The puja (ritual worship) of Bipodtarini - a vrata (vow) performed by women - is followed or preceded by the telling of the legend of the goddess. The legend is set in Vishnupur or Bishnupur in West Bengal, the seat of the Mallabhum kingdom from 7th century AD to 19th century during the period of Malla kings who belonged to Bagdi caste (Barga Kshatriya). The queen had a friend belonging to Mochi caste who ate beef. The queen was horrified to learn this, out of curiosity the queen wanted to see the meat. One day, the queen asked her friend to show it to her. The girl initially refused, fearing the wrath of the pious Hindu king, however later she complied with the queen's request.
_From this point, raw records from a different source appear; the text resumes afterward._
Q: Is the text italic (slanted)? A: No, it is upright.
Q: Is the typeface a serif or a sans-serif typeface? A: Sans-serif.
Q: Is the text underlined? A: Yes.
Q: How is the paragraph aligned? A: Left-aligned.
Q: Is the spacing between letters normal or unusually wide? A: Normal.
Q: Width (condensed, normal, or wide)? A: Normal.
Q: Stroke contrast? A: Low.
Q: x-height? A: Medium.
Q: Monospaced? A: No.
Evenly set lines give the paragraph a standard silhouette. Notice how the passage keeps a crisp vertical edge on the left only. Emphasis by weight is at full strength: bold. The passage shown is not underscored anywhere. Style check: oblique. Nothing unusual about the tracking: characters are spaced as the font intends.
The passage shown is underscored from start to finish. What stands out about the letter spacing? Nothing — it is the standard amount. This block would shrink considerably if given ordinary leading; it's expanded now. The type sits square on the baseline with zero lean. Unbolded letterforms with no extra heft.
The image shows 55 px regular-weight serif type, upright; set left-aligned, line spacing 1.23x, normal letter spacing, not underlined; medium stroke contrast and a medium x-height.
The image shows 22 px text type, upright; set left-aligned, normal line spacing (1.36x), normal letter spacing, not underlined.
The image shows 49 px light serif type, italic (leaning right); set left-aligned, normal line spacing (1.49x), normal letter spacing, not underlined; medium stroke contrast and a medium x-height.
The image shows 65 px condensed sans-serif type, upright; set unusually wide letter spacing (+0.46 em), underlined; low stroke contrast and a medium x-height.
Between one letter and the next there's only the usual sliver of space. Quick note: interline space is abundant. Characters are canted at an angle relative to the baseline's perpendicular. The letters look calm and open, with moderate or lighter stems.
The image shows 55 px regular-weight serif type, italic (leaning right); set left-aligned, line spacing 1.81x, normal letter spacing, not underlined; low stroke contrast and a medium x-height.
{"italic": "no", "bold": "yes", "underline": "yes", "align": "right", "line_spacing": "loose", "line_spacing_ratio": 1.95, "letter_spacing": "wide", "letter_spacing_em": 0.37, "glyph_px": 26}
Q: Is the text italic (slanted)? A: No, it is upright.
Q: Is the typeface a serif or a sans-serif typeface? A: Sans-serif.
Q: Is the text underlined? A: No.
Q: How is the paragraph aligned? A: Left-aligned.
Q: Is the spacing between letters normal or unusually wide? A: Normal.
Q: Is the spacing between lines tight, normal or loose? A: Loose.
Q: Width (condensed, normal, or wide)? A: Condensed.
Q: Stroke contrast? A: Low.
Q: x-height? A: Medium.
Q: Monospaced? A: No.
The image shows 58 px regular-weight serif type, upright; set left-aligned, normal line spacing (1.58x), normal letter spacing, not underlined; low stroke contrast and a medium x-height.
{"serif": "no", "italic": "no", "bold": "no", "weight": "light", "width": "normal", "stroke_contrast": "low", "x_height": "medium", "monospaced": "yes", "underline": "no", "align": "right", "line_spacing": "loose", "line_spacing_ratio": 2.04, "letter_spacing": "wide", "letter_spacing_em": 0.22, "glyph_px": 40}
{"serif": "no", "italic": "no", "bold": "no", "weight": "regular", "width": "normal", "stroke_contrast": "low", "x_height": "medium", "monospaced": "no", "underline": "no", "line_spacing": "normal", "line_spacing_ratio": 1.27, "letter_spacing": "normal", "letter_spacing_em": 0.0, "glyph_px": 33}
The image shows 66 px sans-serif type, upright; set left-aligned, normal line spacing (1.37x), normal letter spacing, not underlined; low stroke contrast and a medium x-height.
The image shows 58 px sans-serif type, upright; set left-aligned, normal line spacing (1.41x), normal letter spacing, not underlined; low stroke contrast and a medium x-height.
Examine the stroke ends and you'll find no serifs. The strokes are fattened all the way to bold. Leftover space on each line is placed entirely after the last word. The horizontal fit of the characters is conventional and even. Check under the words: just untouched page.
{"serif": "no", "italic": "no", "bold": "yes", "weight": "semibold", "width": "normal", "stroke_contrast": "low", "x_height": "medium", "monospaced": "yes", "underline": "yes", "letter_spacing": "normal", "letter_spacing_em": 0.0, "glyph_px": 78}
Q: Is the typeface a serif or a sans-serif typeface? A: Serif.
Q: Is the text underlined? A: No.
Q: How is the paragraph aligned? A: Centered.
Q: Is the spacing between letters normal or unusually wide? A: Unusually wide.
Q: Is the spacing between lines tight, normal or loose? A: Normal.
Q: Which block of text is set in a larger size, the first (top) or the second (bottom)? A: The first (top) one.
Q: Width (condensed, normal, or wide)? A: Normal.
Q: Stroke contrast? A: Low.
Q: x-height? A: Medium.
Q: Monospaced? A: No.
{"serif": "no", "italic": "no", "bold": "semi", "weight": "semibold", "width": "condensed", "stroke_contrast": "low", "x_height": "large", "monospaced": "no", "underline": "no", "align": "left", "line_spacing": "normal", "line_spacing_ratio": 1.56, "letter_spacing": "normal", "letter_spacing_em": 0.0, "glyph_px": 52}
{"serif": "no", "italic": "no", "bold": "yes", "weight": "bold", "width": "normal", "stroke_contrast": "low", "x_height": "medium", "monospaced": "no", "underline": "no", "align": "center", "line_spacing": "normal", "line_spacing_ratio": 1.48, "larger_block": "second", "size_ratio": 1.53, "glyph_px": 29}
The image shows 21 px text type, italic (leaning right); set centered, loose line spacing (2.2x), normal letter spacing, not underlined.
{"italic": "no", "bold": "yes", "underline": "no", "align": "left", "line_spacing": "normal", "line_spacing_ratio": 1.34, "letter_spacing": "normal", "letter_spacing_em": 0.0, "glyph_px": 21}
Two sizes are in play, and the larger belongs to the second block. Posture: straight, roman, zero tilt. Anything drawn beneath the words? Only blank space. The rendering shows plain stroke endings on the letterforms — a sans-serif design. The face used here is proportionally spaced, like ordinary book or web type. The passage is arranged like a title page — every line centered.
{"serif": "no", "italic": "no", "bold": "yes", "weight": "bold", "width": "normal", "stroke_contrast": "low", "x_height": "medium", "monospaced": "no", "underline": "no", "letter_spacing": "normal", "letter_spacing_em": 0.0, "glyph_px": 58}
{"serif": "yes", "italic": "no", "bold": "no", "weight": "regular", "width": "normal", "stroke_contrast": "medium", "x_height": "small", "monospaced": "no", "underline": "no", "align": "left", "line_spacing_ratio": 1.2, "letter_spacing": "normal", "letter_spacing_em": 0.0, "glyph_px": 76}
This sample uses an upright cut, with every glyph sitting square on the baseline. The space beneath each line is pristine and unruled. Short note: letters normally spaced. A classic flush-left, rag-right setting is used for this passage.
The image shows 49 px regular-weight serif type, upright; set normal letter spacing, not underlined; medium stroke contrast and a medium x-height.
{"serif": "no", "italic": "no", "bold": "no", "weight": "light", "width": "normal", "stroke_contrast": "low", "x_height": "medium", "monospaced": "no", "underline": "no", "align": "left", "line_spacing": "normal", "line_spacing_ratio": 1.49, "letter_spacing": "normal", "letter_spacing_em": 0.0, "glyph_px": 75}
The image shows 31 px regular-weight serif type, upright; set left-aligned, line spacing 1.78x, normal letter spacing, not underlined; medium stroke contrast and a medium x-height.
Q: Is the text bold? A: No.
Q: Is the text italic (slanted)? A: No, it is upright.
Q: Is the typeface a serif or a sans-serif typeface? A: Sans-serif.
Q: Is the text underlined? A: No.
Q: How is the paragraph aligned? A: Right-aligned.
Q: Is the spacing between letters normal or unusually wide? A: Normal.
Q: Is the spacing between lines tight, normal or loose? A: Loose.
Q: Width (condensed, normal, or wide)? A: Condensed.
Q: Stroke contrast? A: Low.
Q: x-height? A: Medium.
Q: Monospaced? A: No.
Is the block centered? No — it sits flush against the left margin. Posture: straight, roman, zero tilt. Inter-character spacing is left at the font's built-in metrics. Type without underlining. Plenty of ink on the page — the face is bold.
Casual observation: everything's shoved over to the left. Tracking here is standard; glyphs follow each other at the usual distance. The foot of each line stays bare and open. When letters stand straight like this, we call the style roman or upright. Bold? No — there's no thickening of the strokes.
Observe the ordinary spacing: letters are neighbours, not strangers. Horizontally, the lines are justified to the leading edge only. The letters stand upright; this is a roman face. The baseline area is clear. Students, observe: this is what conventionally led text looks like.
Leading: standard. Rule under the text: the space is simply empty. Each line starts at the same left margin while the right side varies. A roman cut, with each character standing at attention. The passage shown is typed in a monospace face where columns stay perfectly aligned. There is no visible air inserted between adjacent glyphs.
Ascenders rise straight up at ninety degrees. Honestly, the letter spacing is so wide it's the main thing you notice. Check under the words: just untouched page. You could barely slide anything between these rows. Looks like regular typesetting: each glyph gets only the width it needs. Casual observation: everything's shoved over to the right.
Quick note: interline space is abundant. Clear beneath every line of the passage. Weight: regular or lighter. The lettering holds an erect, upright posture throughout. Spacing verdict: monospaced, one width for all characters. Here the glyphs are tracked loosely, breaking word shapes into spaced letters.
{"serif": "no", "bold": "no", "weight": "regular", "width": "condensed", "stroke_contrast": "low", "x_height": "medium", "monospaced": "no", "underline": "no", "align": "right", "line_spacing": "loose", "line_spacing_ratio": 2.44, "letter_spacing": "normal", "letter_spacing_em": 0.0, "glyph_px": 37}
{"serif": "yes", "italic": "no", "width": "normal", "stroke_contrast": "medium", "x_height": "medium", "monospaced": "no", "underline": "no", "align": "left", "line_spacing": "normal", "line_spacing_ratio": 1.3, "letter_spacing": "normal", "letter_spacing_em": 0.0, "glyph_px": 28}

However, the queen got betrayed and the furious king rushed to kill her. The queen hid the meat in her clothes and prayed to goddess Durga for help. Subsequently when the king tore her clothes to find what was hidden beneath them, all he could find there was a red jaba flower (hibiscus). Even today the goddess's puja remains part of women’s rites and is performed for the goddess' intervention during a family crisis.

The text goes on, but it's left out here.